Through the process, she had a huge “aha” moment: while she was absolutely aligned with her family and faith community, she wasn’t aligned personally with how she was spending her days.  

As a former high-performance professional, she desperately missed the validation and self-worth that came from using her brain, her talents, her leadership abilities and her compassion to help others.  Sure, she was using these elements, after a fashion, with her family, as a supportive spouse, and as a community member.  But she knew that all of those things that she had chosen to plant and grow for herself were there, too, waiting to be harvested.  She was quickly approaching Autumn in her life seasons, and she knew that if she didn’t address this situation soon, all that was possible at this moment - her own “Magic Hour” - would fade.

Of course, it wasn’t like she would wither and die if she didn’t make changes now.  But the internal push of “what do I really want?” and “what do I want my life and legacy to ultimately represent?” was getting too hard to ignore.

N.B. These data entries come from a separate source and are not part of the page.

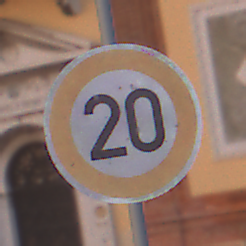
Verkehrszeichen: Geschwindigkeit20
Umgebung: Outdoor, Urban
Tageszeit: SunriseSunset
Wetter: Clear
Licht: Natural
Jahreszeit: NotSpecified
Kontrast: MediumContrast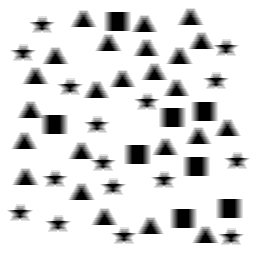
Squares: 8
Triangles: 24
Stars: 16
Total shapes: 48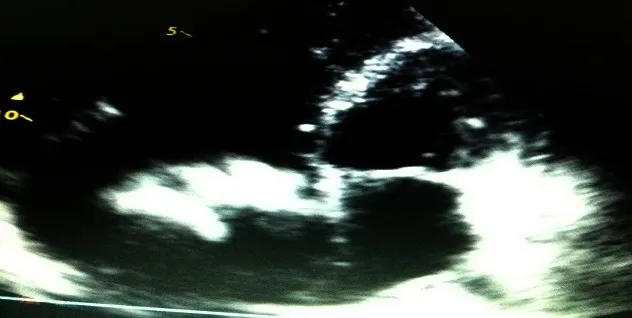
Transthoracic echocardiography showing a right atrial polyploidy mass, right atrial and ventricular dilatation.
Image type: radiology (ultrasound)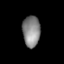
Tissue: lung
Cell type: Others
Senescence score: 0.5559
Nuclear area (px): 537
Mean DAPI intensity: 132.756
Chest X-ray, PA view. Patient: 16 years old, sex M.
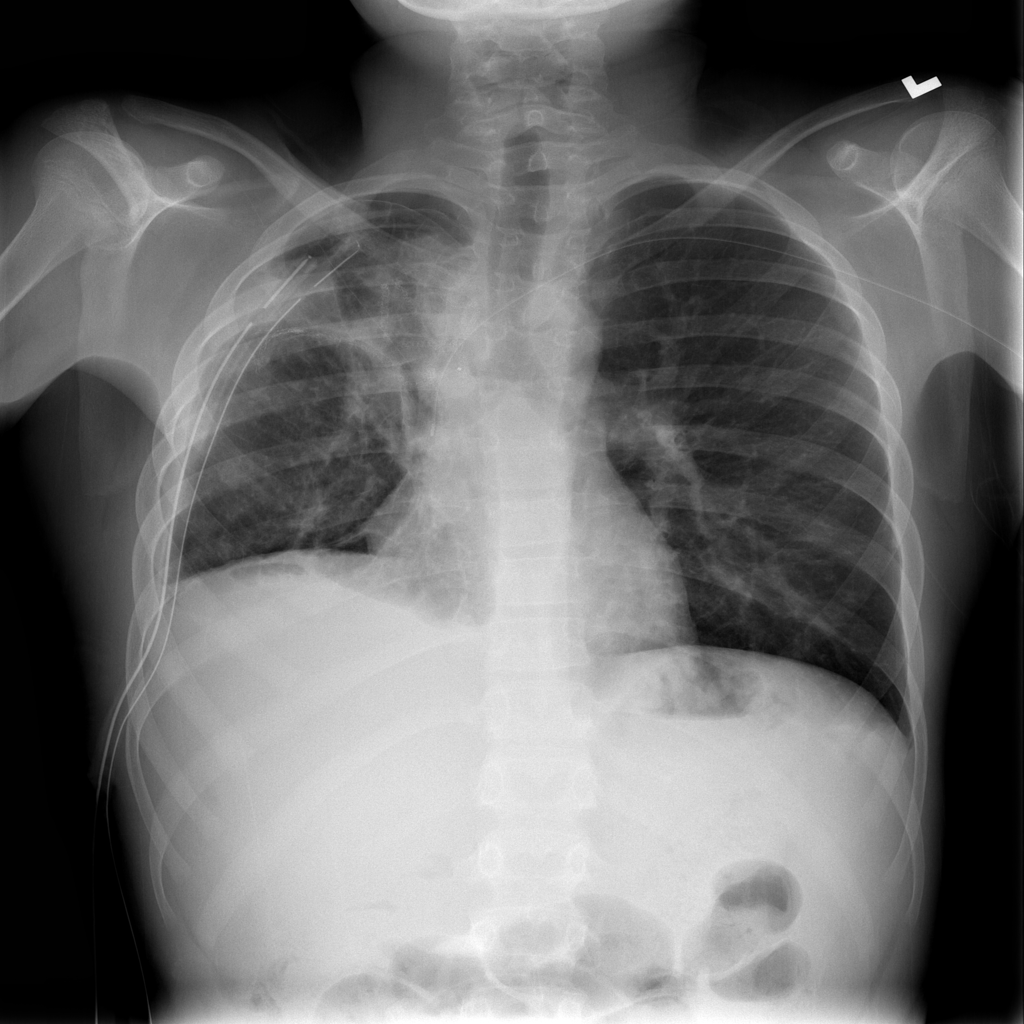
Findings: Atelectasis, Pneumothorax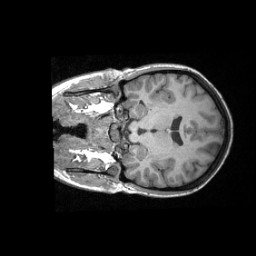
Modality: T1w
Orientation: coronal
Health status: healthy
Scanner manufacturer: siemens
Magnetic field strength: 3 T
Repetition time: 2.3 s
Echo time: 0.00287 s
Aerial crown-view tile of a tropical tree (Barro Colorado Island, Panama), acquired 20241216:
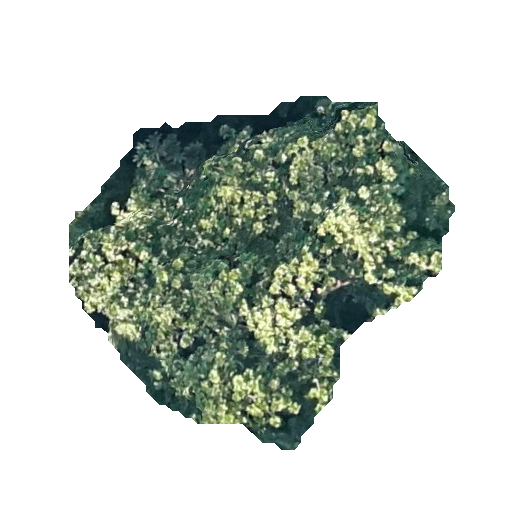
Species: Anacardium excelsum
GBIF accepted scientific name: Anacardium excelsum
Crown area: 129.47 m²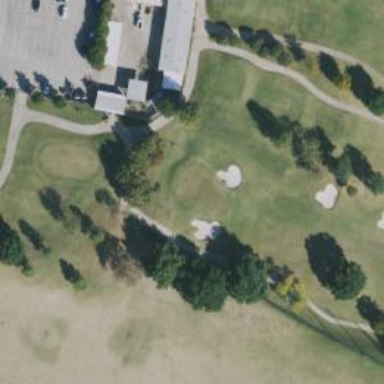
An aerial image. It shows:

From there, we took on her vision: she realized she didn’t have one!  After finishing her professional training, and getting those first jobs, her vision became limited to marriage and raising a family - both worthwhile, in and of themselves.  But now that her family was getting quite big, she knew that this vision wasn’t the one she would be able to live by for the remainder of her time here.  

She dug through many elements, finally getting down to the bedrock: originally, she’d assumed she would simply retrace her former footsteps and work on getting licensed again - but much to her surprise, that’s not what she actually wanted.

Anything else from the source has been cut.